What is missing, but this is a conscious and informed omission, are entries on individuals, with the exception of the most important dynasties. This is offset, of course, by the four-volume Biographisches Lexikon zur Geschichte Südosteuropas (Munich, 1972–81). While this decision is perfectly understandable as a measure to keep the volume wieldy and prevent redundancies, there is little reason, despite the proleptic note in the introduction, to not include a name index, which would have allowed more efficient searches. On the other hand, readers would wait with anticipation for the digitized version of the biographical lexicon, being prepared at present by the Leibniz Institute for East and Southeast European Studies (IOS) in Regensburg (http://www.biolex.ios-regensburg.de), which is also the birthplace of the present volume.

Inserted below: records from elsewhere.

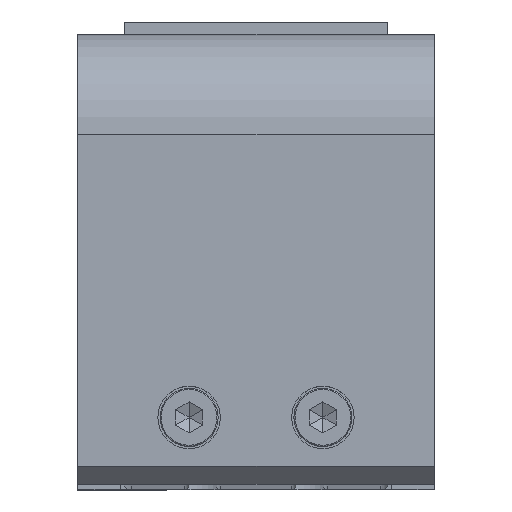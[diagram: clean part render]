
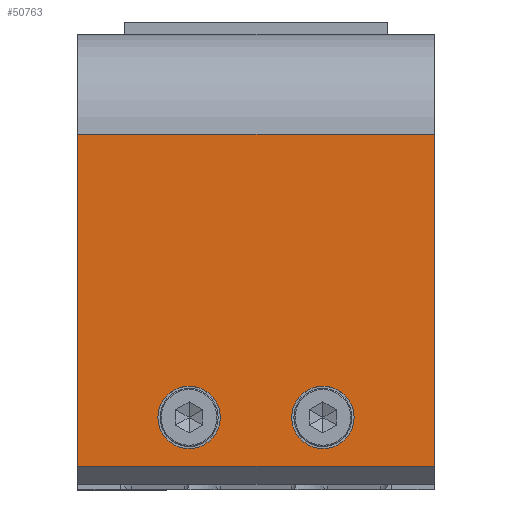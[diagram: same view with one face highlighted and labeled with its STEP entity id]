
A CAD part, top view. The second image highlights one B-rep face of the part: STEP entity #50763.
In plain terms, the highlighted planar face has unit normal (0, 0, 1).
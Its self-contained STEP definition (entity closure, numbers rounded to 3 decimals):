
#717 = EDGE_LOOP ( 'NONE', ( #131441, #104229, #121031, #61611 ) ) ;
#3775 = LINE ( 'NONE', #130594, #16336 ) ;
#4499 = EDGE_CURVE ( 'NONE', #26451, #81950, #3775, .T. ) ;
#7013 = DIRECTION ( 'NONE',  ( -1., 0., 0. ) ) ;
#10630 = EDGE_CURVE ( 'NONE', #99468, #42155, #56415, .T. ) ;
#12151 = DIRECTION ( 'NONE',  ( 1., 0., 0. ) ) ;
#15226 = VECTOR ( 'NONE', #91056, 1000. ) ;
#15256 = DIRECTION ( 'NONE',  ( 1., 0., 0. ) ) ;
#16020 = CARTESIAN_POINT ( 'NONE',  ( 160.798, 174.238, 570.351 ) ) ;
#16336 = VECTOR ( 'NONE', #57009, 1000. ) ;
#26451 = VERTEX_POINT ( 'NONE', #49626 ) ;
#28450 = VERTEX_POINT ( 'NONE', #66755 ) ;
#29512 = ORIENTED_EDGE ( 'NONE', *, *, #10630, .F. ) ;
#32148 = AXIS2_PLACEMENT_3D ( 'NONE', #129231, #86887, #12151 ) ;
#32229 = CARTESIAN_POINT ( 'NONE',  ( 105.798, 237.738, 570.351 ) ) ;
#35411 = DIRECTION ( 'NONE',  ( 0., 0., 1. ) ) ;
#36504 = LINE ( 'NONE', #78741, #55868 ) ;
#37716 = CARTESIAN_POINT ( 'NONE',  ( 185.798, 163.238, 570.351 ) ) ;
#42155 = VERTEX_POINT ( 'NONE', #59952 ) ;
#42702 = EDGE_LOOP ( 'NONE', ( #91345, #29512 ) ) ;
#43866 = AXIS2_PLACEMENT_3D ( 'NONE', #60887, #69952, #7013 ) ;
#49398 = EDGE_CURVE ( 'NONE', #131896, #28450, #103048, .T. ) ;
#49626 = CARTESIAN_POINT ( 'NONE',  ( 105.798, 163.238, 570.351 ) ) ;
#50763 = ADVANCED_FACE ( 'NONE', ( #132429, #69267, #114392 ), #70664, .F. ) ;
#55868 = VECTOR ( 'NONE', #121148, 1000. ) ;
#56409 = VERTEX_POINT ( 'NONE', #118697 ) ;
#56415 = CIRCLE ( 'NONE', #74131, 7. ) ;
#57009 = DIRECTION ( 'NONE',  ( 1., 0., 0. ) ) ;
#59952 = CARTESIAN_POINT ( 'NONE',  ( 137.798, 174.238, 570.351 ) ) ;
#60887 = CARTESIAN_POINT ( 'NONE',  ( 185.798, 159.238, 570.351 ) ) ;
#61611 = ORIENTED_EDGE ( 'NONE', *, *, #131383, .T. ) ;
#62688 = CARTESIAN_POINT ( 'NONE',  ( 185.798, 237.738, 570.351 ) ) ;
#62739 = ORIENTED_EDGE ( 'NONE', *, *, #62785, .F. ) ;
#62785 = EDGE_CURVE ( 'NONE', #28450, #131896, #136918, .T. ) ;
#66755 = CARTESIAN_POINT ( 'NONE',  ( 167.798, 174.238, 570.351 ) ) ;
#68533 = VERTEX_POINT ( 'NONE', #32229 ) ;
#69267 = FACE_BOUND ( 'NONE', #114867, .T. ) ;
#69952 = DIRECTION ( 'NONE',  ( 0., 0., -1. ) ) ;
#70664 = PLANE ( 'NONE',  #43866 ) ;
#71103 = ORIENTED_EDGE ( 'NONE', *, *, #49398, .F. ) ;
#74131 = AXIS2_PLACEMENT_3D ( 'NONE', #136736, #102792, #125572 ) ;
#78573 = CIRCLE ( 'NONE', #32148, 7. ) ;
#78741 = CARTESIAN_POINT ( 'NONE',  ( 185.798, 159.238, 570.351 ) ) ;
#79880 = CARTESIAN_POINT ( 'NONE',  ( 105.798, 159.238, 570.351 ) ) ;
#80558 = LINE ( 'NONE', #79880, #15226 ) ;
#81950 = VERTEX_POINT ( 'NONE', #37716 ) ;
#86887 = DIRECTION ( 'NONE',  ( 0., 0., 1. ) ) ;
#88509 = EDGE_CURVE ( 'NONE', #56409, #81950, #36504, .T. ) ;
#89323 = CARTESIAN_POINT ( 'NONE',  ( 160.798, 174.238, 570.351 ) ) ;
#90339 = EDGE_CURVE ( 'NONE', #42155, #99468, #78573, .T. ) ;
#91056 = DIRECTION ( 'NONE',  ( 0., -1., 0. ) ) ;
#91345 = ORIENTED_EDGE ( 'NONE', *, *, #90339, .F. ) ;
#94679 = AXIS2_PLACEMENT_3D ( 'NONE', #16020, #35411, #100633 ) ;
#99468 = VERTEX_POINT ( 'NONE', #111952 ) ;
#100633 = DIRECTION ( 'NONE',  ( 1., 0., 0. ) ) ;
#102386 = DIRECTION ( 'NONE',  ( -1., 0., 0. ) ) ;
#102792 = DIRECTION ( 'NONE',  ( 0., 0., 1. ) ) ;
#103048 = CIRCLE ( 'NONE', #120678, 7. ) ;
#104229 = ORIENTED_EDGE ( 'NONE', *, *, #4499, .T. ) ;
#110218 = DIRECTION ( 'NONE',  ( 0., 0., 1. ) ) ;
#111952 = CARTESIAN_POINT ( 'NONE',  ( 123.798, 174.238, 570.351 ) ) ;
#114392 = FACE_OUTER_BOUND ( 'NONE', #717, .T. ) ;
#114867 = EDGE_LOOP ( 'NONE', ( #62739, #71103 ) ) ;
#118697 = CARTESIAN_POINT ( 'NONE',  ( 185.798, 237.738, 570.351 ) ) ;
#120678 = AXIS2_PLACEMENT_3D ( 'NONE', #89323, #110218, #15256 ) ;
#121031 = ORIENTED_EDGE ( 'NONE', *, *, #88509, .F. ) ;
#121148 = DIRECTION ( 'NONE',  ( 0., -1., 0. ) ) ;
#123870 = LINE ( 'NONE', #62688, #127715 ) ;
#125572 = DIRECTION ( 'NONE',  ( 1., 0., 0. ) ) ;
#127715 = VECTOR ( 'NONE', #102386, 1000. ) ;
#128135 = EDGE_CURVE ( 'NONE', #68533, #26451, #80558, .T. ) ;
#129231 = CARTESIAN_POINT ( 'NONE',  ( 130.798, 174.238, 570.351 ) ) ;
#130301 = CARTESIAN_POINT ( 'NONE',  ( 153.798, 174.238, 570.351 ) ) ;
#130594 = CARTESIAN_POINT ( 'NONE',  ( 185.798, 163.238, 570.351 ) ) ;
#131383 = EDGE_CURVE ( 'NONE', #56409, #68533, #123870, .T. ) ;
#131441 = ORIENTED_EDGE ( 'NONE', *, *, #128135, .T. ) ;
#131896 = VERTEX_POINT ( 'NONE', #130301 ) ;
#132429 = FACE_BOUND ( 'NONE', #42702, .T. ) ;
#136736 = CARTESIAN_POINT ( 'NONE',  ( 130.798, 174.238, 570.351 ) ) ;
#136918 = CIRCLE ( 'NONE', #94679, 7. ) ;

It is obviously not possible to go in depth about the separate entries, but some clearly stand out. For example, the concept of nation has three entries, with two long additional ones on nation-building and nation-state-building. This differentiation is crucial, in order to stress the constructedness in both cases, and disentangle their often assumed superimposition. Outstanding is the entry on modernization, which is both theoretically sophisticated and concrete. Especially impressive are the lemmata on urban life. After a general one on the definitions of the city, there are special typological entries on the Byzantine, Ottoman, Dalmatian, Hungarian and Balkan cities, as well as on urbanization, and good, brief surveys of the capital cities and major towns in the region. Given the overwhelmingly rural character of the region until the mid-twentieth century, very important are the entries on peasants, peasant revolts, peasant emancipation, village communities, and segmentary society.

Lexica are collective enterprises and a most difficult undertaking in the historical profession, which is overwhelmingly individual. All contributions, written by an international team of over 70 scholars, are of invariably high professional quality. A good number of the best entries are penned by Holm Sundhaussen, the late retired professor for southeastern Europe at the Free University in Berlin, which used to be one of the pillars of German east European scholarship. Sundhaussen was the co-editor of this volume when he suddenly passed away in February 2015, and the Lexikon is the last monument of his illustrious career. It is to the credit of the other co-editor, Konrad Clewing, also author of excellent entries, to have ably brought this arduous task to a successful conclusion. The result is a sophisticated and significant contribution to southeast European studies that merits translation into English.